» **Exercise data**
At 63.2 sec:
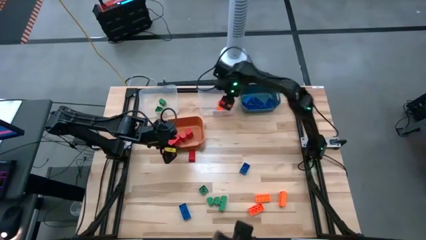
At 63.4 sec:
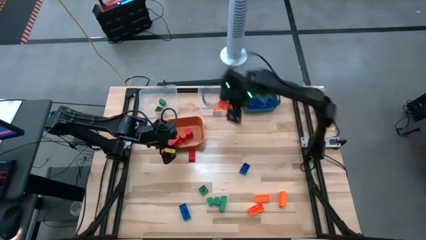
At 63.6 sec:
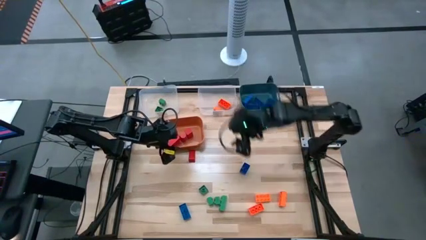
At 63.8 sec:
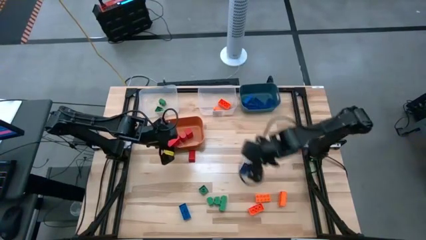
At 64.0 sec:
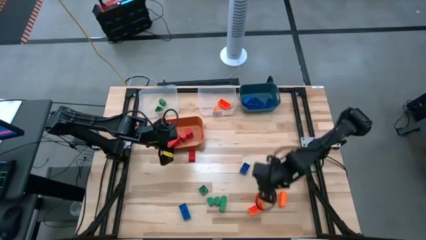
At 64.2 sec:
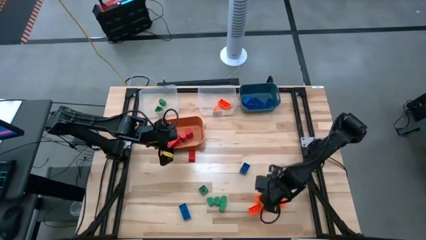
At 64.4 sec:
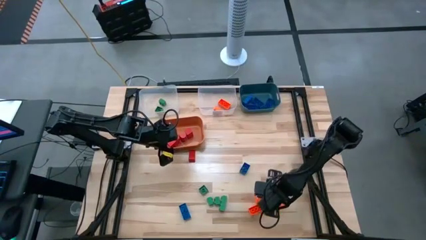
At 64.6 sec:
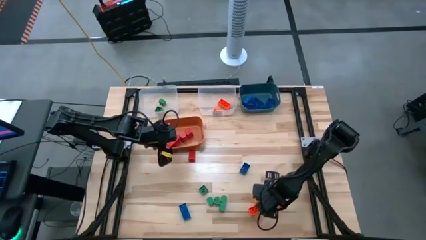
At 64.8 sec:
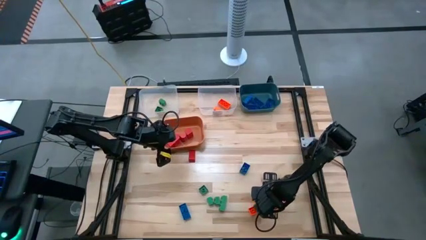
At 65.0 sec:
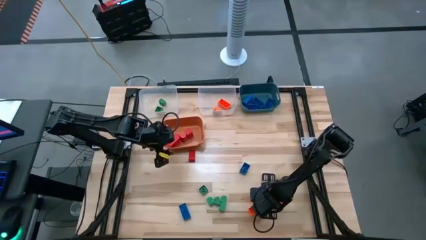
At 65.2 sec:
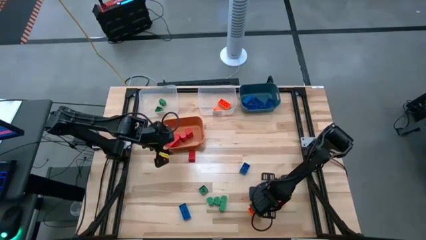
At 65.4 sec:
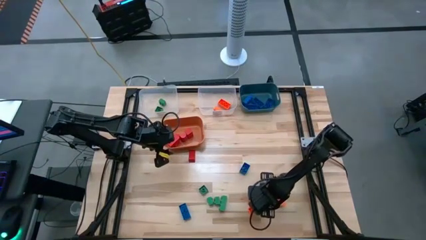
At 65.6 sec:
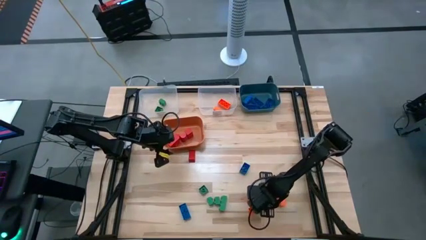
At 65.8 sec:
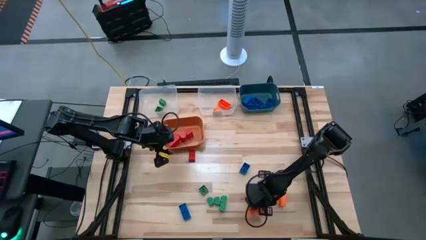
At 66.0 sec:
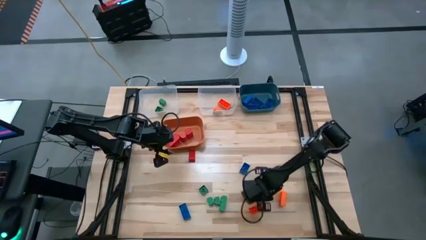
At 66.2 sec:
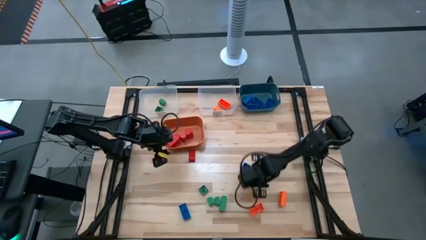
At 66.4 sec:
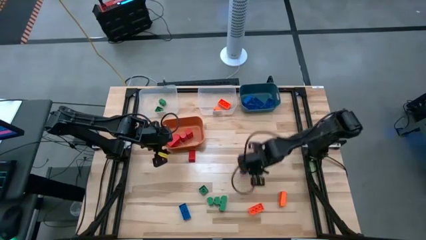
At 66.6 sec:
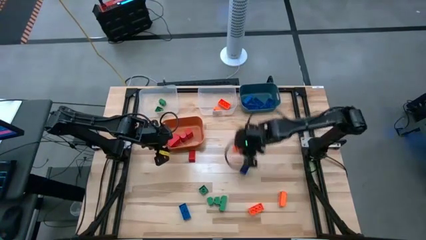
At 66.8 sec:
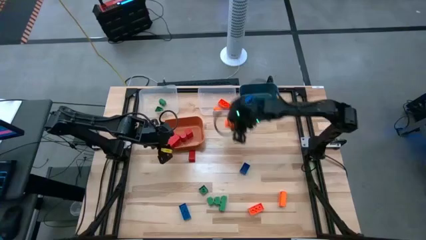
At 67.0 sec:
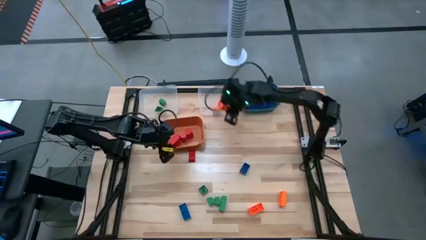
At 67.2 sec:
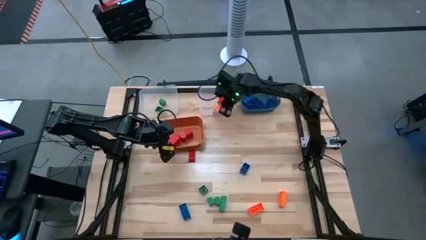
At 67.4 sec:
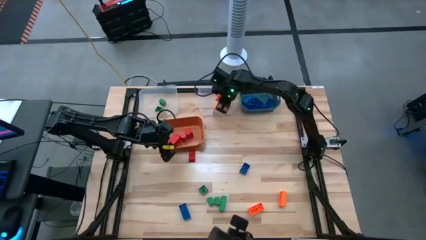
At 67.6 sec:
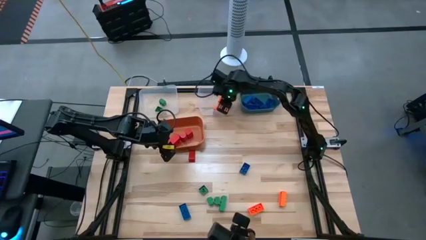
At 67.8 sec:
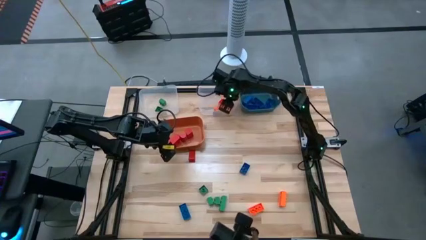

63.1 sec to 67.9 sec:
Task: Sort blocks
Put the orange game piece into the right transparent bin

» **How to complete this task**
Copy the listing above verbatim, leaving out pictures.

» **Output of the task**
At 63.2 sec:
At 63.4 sec:
At 63.6 sec:
At 63.8 sec:
At 64.0 sec:
At 64.2 sec:
At 64.4 sec:
At 64.6 sec:
At 64.8 sec:
At 65.0 sec:
At 65.2 sec:
At 65.4 sec:
At 65.6 sec:
At 65.8 sec:
At 66.0 sec:
At 66.2 sec:
At 66.4 sec:
At 66.6 sec:
At 66.8 sec:
At 67.0 sec:
At 67.2 sec:
At 67.4 sec:
At 67.6 sec:
At 67.8 sec:

63.1 sec to 67.9 sec:
Task: Sort blocks
Put the orange game piece into the right transparent bin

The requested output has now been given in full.